VEA parser detects CDN pattern and extracts artist_slug. TAO uses regex on filename. Both feed into ImageDownloader for async fetching with size options.

Download Phase

Images are downloaded asynchronously with concurrency limits, rate limiting, retries, and validation.

Async Concurrency

ImageDownloader uses asyncio.Semaphore to limit parallel requests. Default: 5 concurrent.

Rate Limiting

200ms delay between requests per domain. Respects CDN and hosting provider limits.

Retry Logic

3 retries on transient errors (timeout, 5xx). Permanent errors (404, 403) logged and skipped.

Validation

JPEG/PNG only. Min size: 100x100px. Corrupted files rejected and re-queued.

Local Storage & Dedup

Downloaded images are stored locally in a structured artist-based directory tree.

data/artists/
  {artist_slug}/
    {artist_slug}_{venue_tag}_main.jpg    (500px)
    {artist_slug}_{venue_tag}_hd.jpg      (1500px)

Example: data/artists/carl-cox/carl-cox_liv_main.jpg

Stale path detection: process_run checks local_path.exists() before skipping. If a file was deleted from disk, it is re-downloaded even if the dedup manifest says it should exist.

Dedup manifest: image_manifest.json tracks downloaded files by dedup key. validate_batch and update_manifest_from_events use a seen_paths set to count unique files (not per-event duplicates).

R2 Upload

Local images are uploaded to Cloudflare R2 with dedup and public access configured.

R2Storage Init

R2Storage initialized with bucket name and credentials from .env. Uses boto3 or native Cloudflare SDK.

Upload Methods

upload_local_images() iterates local files. upload(path) does single-file PUT with public ACL.

Dedup on R2

HEAD {key} checks if object exists. Skip PUT if already present; saves bandwidth.

Public URL

Custom domain: https://img.vinny.vegas. R2 bucket auto-serves with public ACL (not cloudflare-edge links).

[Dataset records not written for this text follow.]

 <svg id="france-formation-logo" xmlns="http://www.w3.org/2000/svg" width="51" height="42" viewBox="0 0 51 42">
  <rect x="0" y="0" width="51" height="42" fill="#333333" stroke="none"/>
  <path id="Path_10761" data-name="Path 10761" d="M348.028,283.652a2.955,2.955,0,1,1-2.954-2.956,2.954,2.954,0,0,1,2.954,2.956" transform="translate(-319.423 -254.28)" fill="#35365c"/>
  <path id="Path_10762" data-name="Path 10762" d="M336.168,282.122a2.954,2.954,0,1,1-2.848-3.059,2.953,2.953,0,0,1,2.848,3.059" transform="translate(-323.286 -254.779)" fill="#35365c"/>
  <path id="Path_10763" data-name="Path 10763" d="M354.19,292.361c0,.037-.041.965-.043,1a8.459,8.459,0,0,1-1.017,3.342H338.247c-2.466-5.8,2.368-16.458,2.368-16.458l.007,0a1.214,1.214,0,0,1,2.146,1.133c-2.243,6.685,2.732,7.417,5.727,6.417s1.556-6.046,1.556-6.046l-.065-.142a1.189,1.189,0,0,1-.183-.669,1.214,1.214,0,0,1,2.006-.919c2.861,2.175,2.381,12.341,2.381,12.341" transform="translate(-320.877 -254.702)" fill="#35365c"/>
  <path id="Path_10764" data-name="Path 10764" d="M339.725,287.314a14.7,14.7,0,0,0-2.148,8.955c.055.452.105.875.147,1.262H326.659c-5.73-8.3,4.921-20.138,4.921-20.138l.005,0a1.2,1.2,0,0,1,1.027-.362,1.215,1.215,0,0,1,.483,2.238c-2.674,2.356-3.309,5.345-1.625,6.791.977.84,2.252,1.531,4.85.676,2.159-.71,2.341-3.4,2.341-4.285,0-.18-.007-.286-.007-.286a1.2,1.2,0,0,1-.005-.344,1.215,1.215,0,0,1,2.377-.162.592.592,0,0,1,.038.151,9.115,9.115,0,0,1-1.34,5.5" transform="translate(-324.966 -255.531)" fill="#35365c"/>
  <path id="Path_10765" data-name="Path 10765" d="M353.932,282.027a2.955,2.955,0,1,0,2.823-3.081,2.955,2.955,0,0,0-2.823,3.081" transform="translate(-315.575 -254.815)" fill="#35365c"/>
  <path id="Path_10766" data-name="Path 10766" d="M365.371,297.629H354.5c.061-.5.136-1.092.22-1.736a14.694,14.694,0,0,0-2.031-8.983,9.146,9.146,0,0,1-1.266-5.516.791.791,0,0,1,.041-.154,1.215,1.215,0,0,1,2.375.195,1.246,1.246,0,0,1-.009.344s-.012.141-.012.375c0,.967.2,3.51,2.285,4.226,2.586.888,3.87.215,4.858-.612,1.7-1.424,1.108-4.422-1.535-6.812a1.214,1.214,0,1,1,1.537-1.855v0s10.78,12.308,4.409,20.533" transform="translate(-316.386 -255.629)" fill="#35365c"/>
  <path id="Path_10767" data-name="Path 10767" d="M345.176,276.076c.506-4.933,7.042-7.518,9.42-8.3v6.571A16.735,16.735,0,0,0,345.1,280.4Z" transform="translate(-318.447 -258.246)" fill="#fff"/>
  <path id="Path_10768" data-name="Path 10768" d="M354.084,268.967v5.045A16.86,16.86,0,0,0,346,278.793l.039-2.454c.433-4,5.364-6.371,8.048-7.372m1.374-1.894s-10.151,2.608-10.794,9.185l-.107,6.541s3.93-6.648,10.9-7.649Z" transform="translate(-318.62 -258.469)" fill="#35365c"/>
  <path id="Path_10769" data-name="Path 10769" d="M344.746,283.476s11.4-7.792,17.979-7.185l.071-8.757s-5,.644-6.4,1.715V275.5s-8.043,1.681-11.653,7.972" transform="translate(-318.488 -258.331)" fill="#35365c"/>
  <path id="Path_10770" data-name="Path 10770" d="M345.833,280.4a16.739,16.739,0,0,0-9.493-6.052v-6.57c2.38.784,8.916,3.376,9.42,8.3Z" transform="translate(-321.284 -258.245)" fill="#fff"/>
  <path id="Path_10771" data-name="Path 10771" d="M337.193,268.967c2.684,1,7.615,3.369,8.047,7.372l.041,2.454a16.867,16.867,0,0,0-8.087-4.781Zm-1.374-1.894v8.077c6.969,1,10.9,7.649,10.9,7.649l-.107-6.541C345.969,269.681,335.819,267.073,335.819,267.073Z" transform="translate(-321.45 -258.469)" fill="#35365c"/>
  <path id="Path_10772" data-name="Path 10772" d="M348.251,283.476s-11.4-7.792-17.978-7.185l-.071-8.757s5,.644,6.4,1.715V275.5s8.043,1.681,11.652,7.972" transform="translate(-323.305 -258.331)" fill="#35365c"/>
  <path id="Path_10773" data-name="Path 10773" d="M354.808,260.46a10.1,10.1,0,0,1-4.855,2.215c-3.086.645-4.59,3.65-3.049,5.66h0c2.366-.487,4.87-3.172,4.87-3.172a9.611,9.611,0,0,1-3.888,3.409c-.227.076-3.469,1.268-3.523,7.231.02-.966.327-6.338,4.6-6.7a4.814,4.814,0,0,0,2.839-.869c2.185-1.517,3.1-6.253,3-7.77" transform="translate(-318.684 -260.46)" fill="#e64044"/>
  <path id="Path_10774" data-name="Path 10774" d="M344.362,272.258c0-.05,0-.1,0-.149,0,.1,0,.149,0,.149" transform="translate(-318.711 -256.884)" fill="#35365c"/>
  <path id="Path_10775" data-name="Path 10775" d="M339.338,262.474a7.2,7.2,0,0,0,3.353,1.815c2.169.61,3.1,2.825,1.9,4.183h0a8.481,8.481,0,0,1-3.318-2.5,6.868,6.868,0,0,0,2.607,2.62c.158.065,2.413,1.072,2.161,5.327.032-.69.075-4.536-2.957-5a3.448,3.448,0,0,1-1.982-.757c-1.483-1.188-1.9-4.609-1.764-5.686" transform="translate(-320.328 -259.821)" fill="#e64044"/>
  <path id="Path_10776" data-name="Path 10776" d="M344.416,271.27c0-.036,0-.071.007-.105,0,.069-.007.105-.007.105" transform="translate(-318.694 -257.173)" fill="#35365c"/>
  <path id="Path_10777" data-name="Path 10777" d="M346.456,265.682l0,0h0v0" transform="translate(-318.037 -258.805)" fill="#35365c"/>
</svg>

After upload, event.images list is updated with R2 URLs. These URLs are stored in the master database and synced to D1 later.

D1 Sync & Insights

After R2 upload completes, the master database is exported to D1 with artist_image_url populated from R2.

Column Type Source
id UUID Event key (immutable)
artist_name TEXT event.artist_name
artist_slug TEXT Slugified name (for dedup)
artist_image_url TEXT https://img.vinny.vegas/{path}
venue_tag TEXT Short code (liv, xs, ebc, etc.)

Design Insights

Artist-level dedup. One artist image per venue, reused across all events. Reduces storage, speeds up scrapes, improves UX (consistent artist branding across app).
Stale path checks. process_run() verifies local_path.exists() before skipping. This catches cases where files are manually deleted or corrupted. Without this check, a deleted file would be permanently skipped if already in the manifest.
model_dump gotcha. Always use mode="json" when storing values that will be serialized later. Pydantic Path and datetime objects in FieldChange history cause json.dump() to crash if not serialized first. Example: event.model_dump(mode="json") before storing in cache.